**PROMPT:** From the line that contains "Tactile sensor pictures, home-made" down to the last line of the data below, restate every line word for word, skipping any images.

Dataset entries
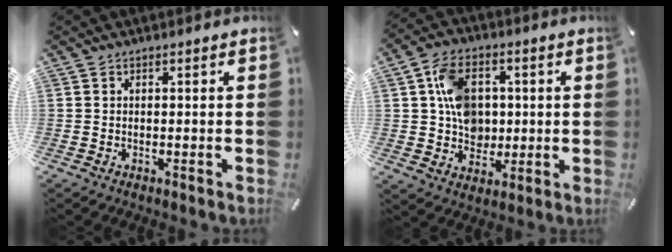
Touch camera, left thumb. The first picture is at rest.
{"total": 11.2, "force": [1.5, 9.1, 6.4], "torque": [-0.108, 0.015, 0.032]}
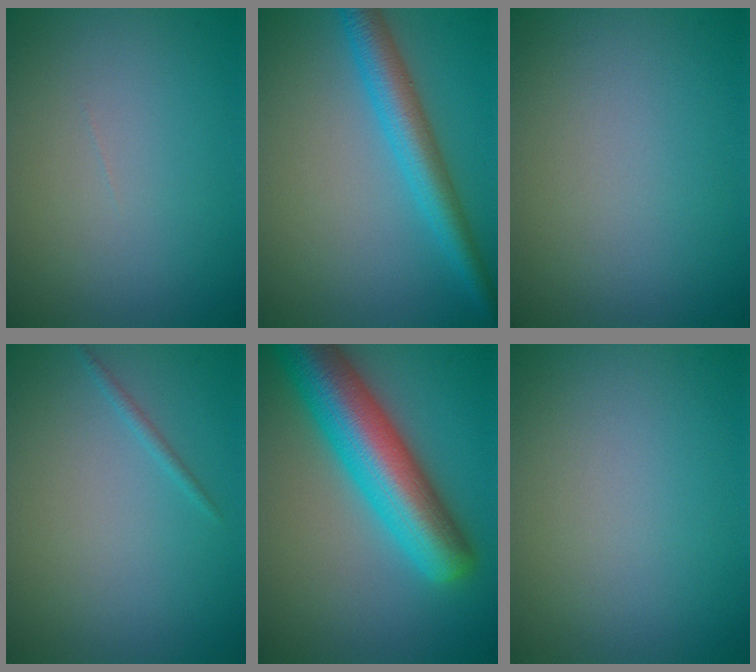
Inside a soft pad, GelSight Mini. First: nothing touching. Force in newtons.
{"total": 4.8, "press": 4.8, "slide": 0.2}
{"total": 0.0}
{"total": 0.7, "press": 0.7, "slide": 0.1}
{"total": 10.7, "press": 10.7, "slide": 0.4}
{"total": 0.0}
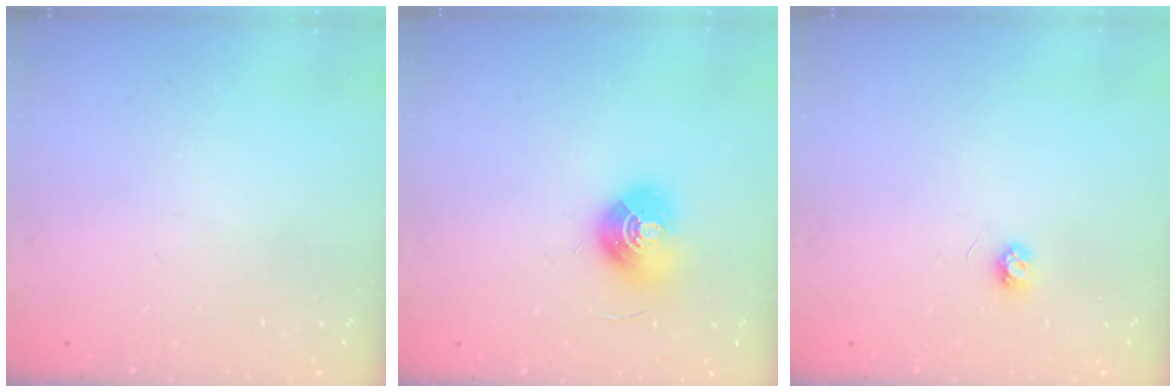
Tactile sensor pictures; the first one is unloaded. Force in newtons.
{"total": 10.3, "press": 10.3, "slide": 0.5}
{"total": 3.2, "press": 3.2, "slide": 0.3}
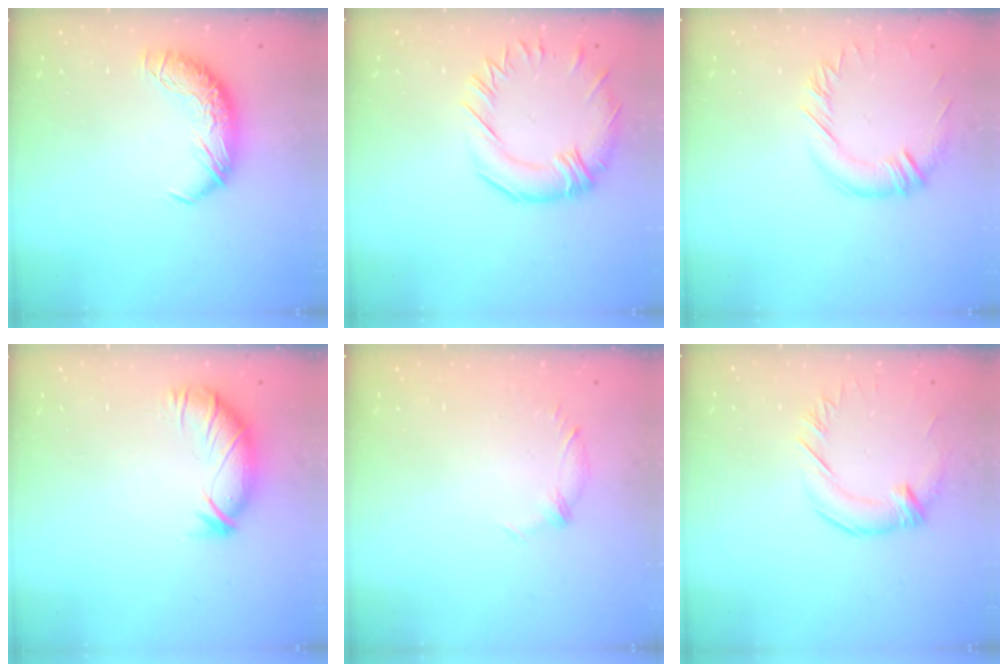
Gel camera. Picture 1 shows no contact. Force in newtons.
{"total": 3.6, "press": 3.2, "slide": 1.6}
{"total": 1.3, "press": 1.1, "slide": 0.7}
{"total": 2.9, "press": 2.3, "slide": 1.7}
{"total": 5.4, "press": 5.2, "slide": 1.3}
{"total": 1.4, "press": 1.2, "slide": 0.7}
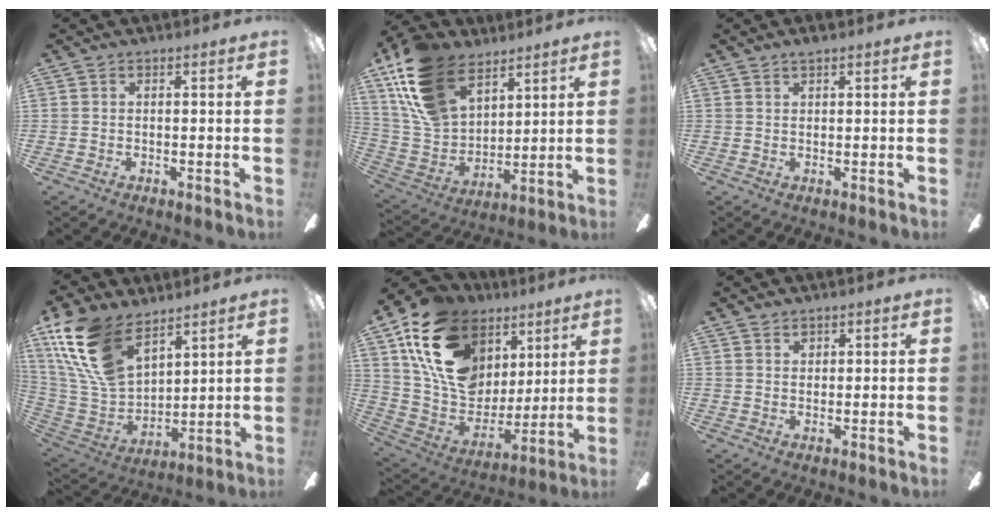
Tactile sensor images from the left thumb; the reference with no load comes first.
{"total": 18.6, "force": [12.1, 10.9, 9.0], "torque": [-0.214, -0.049, 0.230]}
{"total": 1.4, "force": [1.2, 0.3, 0.6], "torque": [-0.013, 0.000, 0.023]}
{"total": 20.2, "force": [12.2, 10.8, 11.9], "torque": [-0.301, -0.056, 0.226]}
{"total": 21.9, "force": [10.6, 15.4, 11.3], "torque": [-0.206, -0.039, 0.203]}
{"total": 1.4, "force": [1.0, 0.9, 0.2], "torque": [0.004, -0.003, 0.018]}
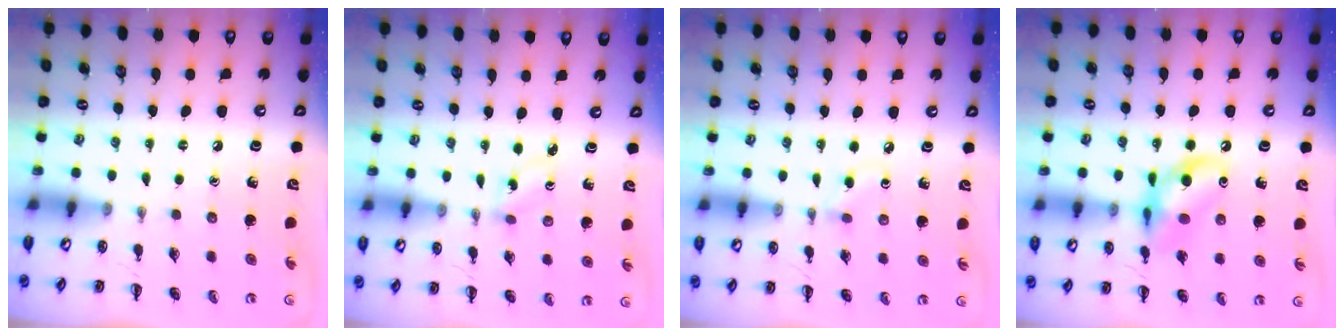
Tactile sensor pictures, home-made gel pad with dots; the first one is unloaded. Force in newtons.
{"total": 1.2, "press": 1.1, "slide": 0.5}
{"total": 2.9, "press": 2.7, "slide": 1.0}
{"total": 14.1, "press": 13.9, "slide": 2.4}
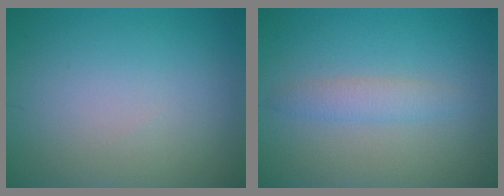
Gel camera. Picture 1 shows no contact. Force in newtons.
{"total": 1.9, "press": 1.9, "slide": 0.1}
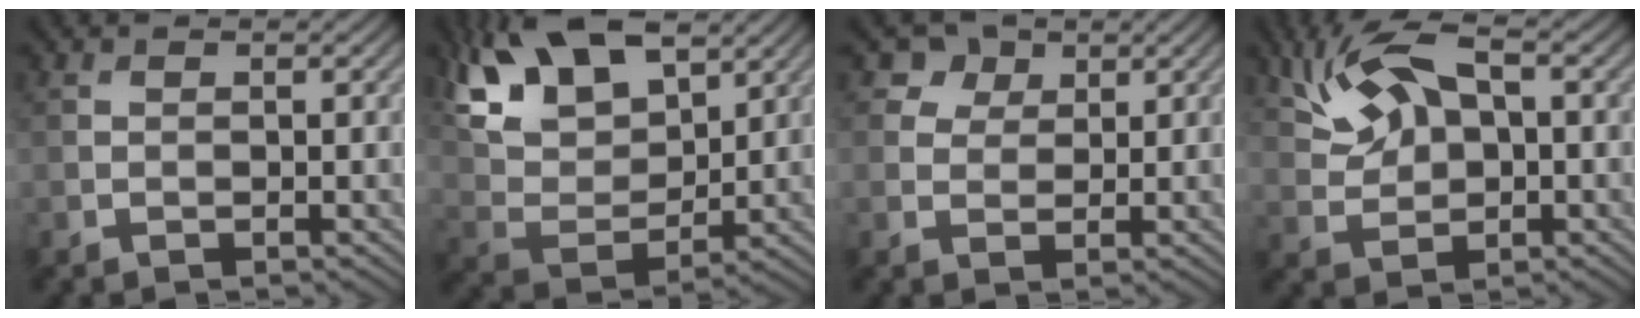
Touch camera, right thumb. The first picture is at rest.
{"total": 14.3, "force": [9.3, 6.5, 8.6], "torque": [-0.200, 0.017, 0.155]}
{"total": 3.1, "force": [1.8, 2.4, 0.8], "torque": [-0.018, -0.002, 0.036]}
{"total": 8.7, "force": [2.9, 4.9, 6.6], "torque": [-0.141, 0.019, 0.050]}

**ANSWER SECTION:**
Tactile sensor pictures, home-made gel pad with dots; the first one is unloaded. Force in newtons.
{"total": 1.2, "press": 1.1, "slide": 0.5}
{"total": 2.9, "press": 2.7, "slide": 1.0}
{"total": 14.1, "press": 13.9, "slide": 2.4}
Gel camera. Picture 1 shows no contact. Force in newtons.
{"total": 1.9, "press": 1.9, "slide": 0.1}
Touch camera, right thumb. The first picture is at rest.
{"total": 14.3, "force": [9.3, 6.5, 8.6], "torque": [-0.200, 0.017, 0.155]}
{"total": 3.1, "force": [1.8, 2.4, 0.8], "torque": [-0.018, -0.002, 0.036]}
{"total": 8.7, "force": [2.9, 4.9, 6.6], "torque": [-0.141, 0.019, 0.050]}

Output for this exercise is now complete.